The narrative of fifteen princes from Avantivarman to Suravarman to Suravarman II belonging to the Utpala or Varman dynasty has been provided in Book V. After the death of Avantivarman, the reign of Kashmir passed into the hands of his on Sankaravarman. The latter reversed the peaceful policy of his father and kept himself engaged in wars and conquests. He invaded Darvabhisara (the region between the Vitasta or Jhelum and the Candrabhaga or Cenab), extended his sway to Trigarta region (Kangra) after subduing its king, Prthvicandra, and defeated the Gurjara (i.e. Gujarat of Pakistan) Chief Alakhana and his ally Lalliya Shahi seizing the certain territories, conquered earlier by Mihira Bhoja, from Mahendrapala I Pratihara, and transferred them to the Thakkiya chief. In order to replenish the treasury which became depleted because of his military operations, and also to satiate his desire to accumulate wealth, Sankaravarman subjected his people to every king of extortion
In Book VI, the author has provided the history of ten kings in the lines of Yasaskara and Parvagupta.
The history of six princes from Samgramaraja to Harsa belonging to so-called the Lohara dynasty is contained in Book VII. Samgramaraja alias Ksamapati, nephew of Didda and brother of the Lohara prince, Vigraharaja, ascended the throne in Ad 1003 and continued to rule till 1028.
The last and the eighth Book contains the history of seven kings from Ucchala (Ad 1101-11) to Jayasimha (AD 1127-59),
ESTIMATION :
The Rajatarangini is a native chronicle of Kashmir. One of the characteristic features of this chronicle is that it contains information Not only about kings but also about contemporary society, economy, religion and culture.
It contains valuable information about the religious toleration, the prevalence of three popular cults of Hinduism, Saiva, Sakti and Vaisnava and co-existence of Brahmanism and Buddhism, in Kashmir.
Kalhana seems to be balanced in his value-judgements. He describes the periods of glory and misery, and greatness and weakness of rulers
He has highlighted both the bright and dark sides of the character of some kings. For instances, he describes Harsa (the patron of his father) as tyrannical, but, on the other hand, counts his bravery as one of his good qualities.

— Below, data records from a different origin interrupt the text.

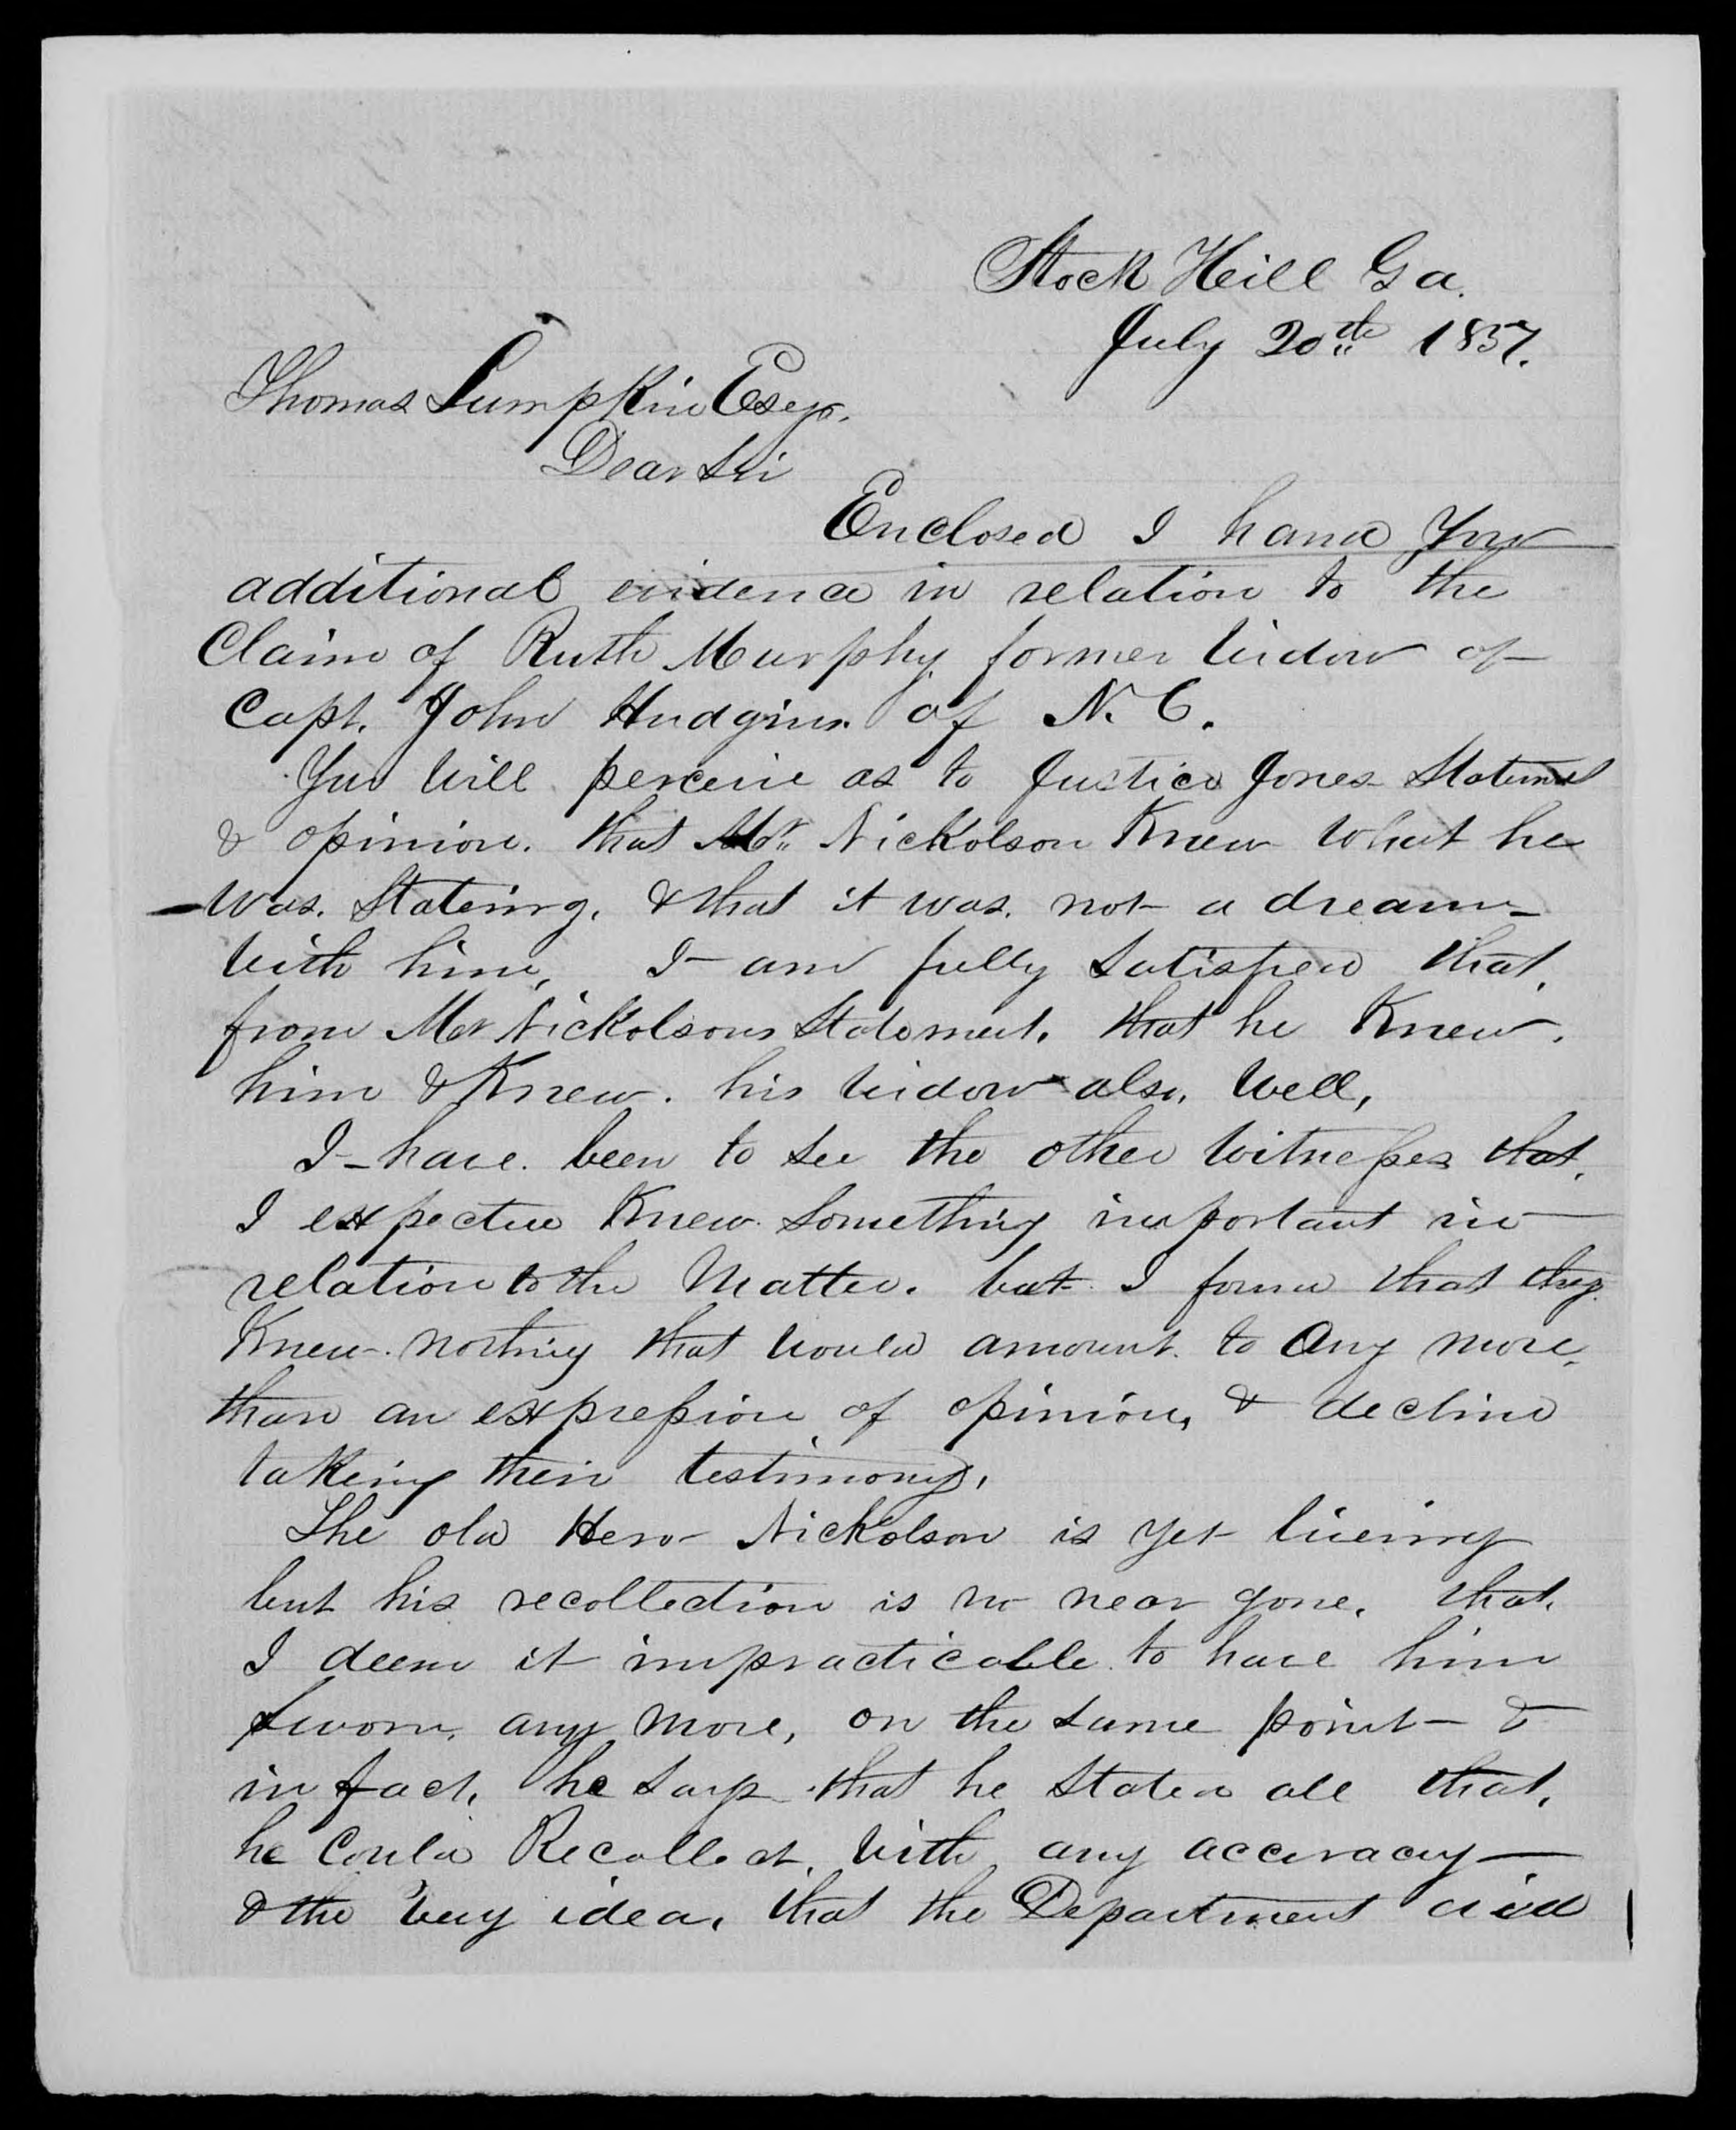Stocks Hill Ga
July 20th 1857
Thomas Lumpkin Esq
Dear Sir
Enclosed I hand you additional evidence in relation to the Capt John Hudgins of N.C.
You will receive as to Justice Jones statement and opinion that Capt Nicholson knew what he was stating that it was not a dream with him. I am fully satisfied that from Mr. Nicholsons statement that he knew him and knew his widow also. Well, I have been to see the other witnesses that I expected knew something important in relation to the matter. But I found that they knew nothing that would amount to any more than an impression of opinion and decline taking their testimony.
The old Mr Nicholson is yet living but his recollection is no near gone. That I deem it impracticable to have him sworn any more on the same point - andn in fact he says that he states all that he can’t recollect with any accuracy— and the any idea that the Department asaid

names: Thomas Lumpkin, Ruth Murphy, Jones Statum, John Hudgins, Nickolson
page: 34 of 108
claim: rejected
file: R. 7,515, John Hudgins, N.C.

His work shows his love of Kashmir and respect of his patron king. However, as a
historian, he also criticizes the negative-points of his king. The work shows his
beautiful narrative-descriptive style, dramatic dialogues, sprinkled with good-advises
here and there.
Rajatrangini shows importance of sources and variety of them for writing of
history. It also stresses the impartiality and unbiased nature of historian. According
to Kalhana, ''...Such person (historian) should be praised whose writing abstained
itself from any kind of anger-hatred and remained impartial while describing
historical events..". Such was the urge of Kalhana and work like Rajtarangini. Hence,
it is called as first book of History in India.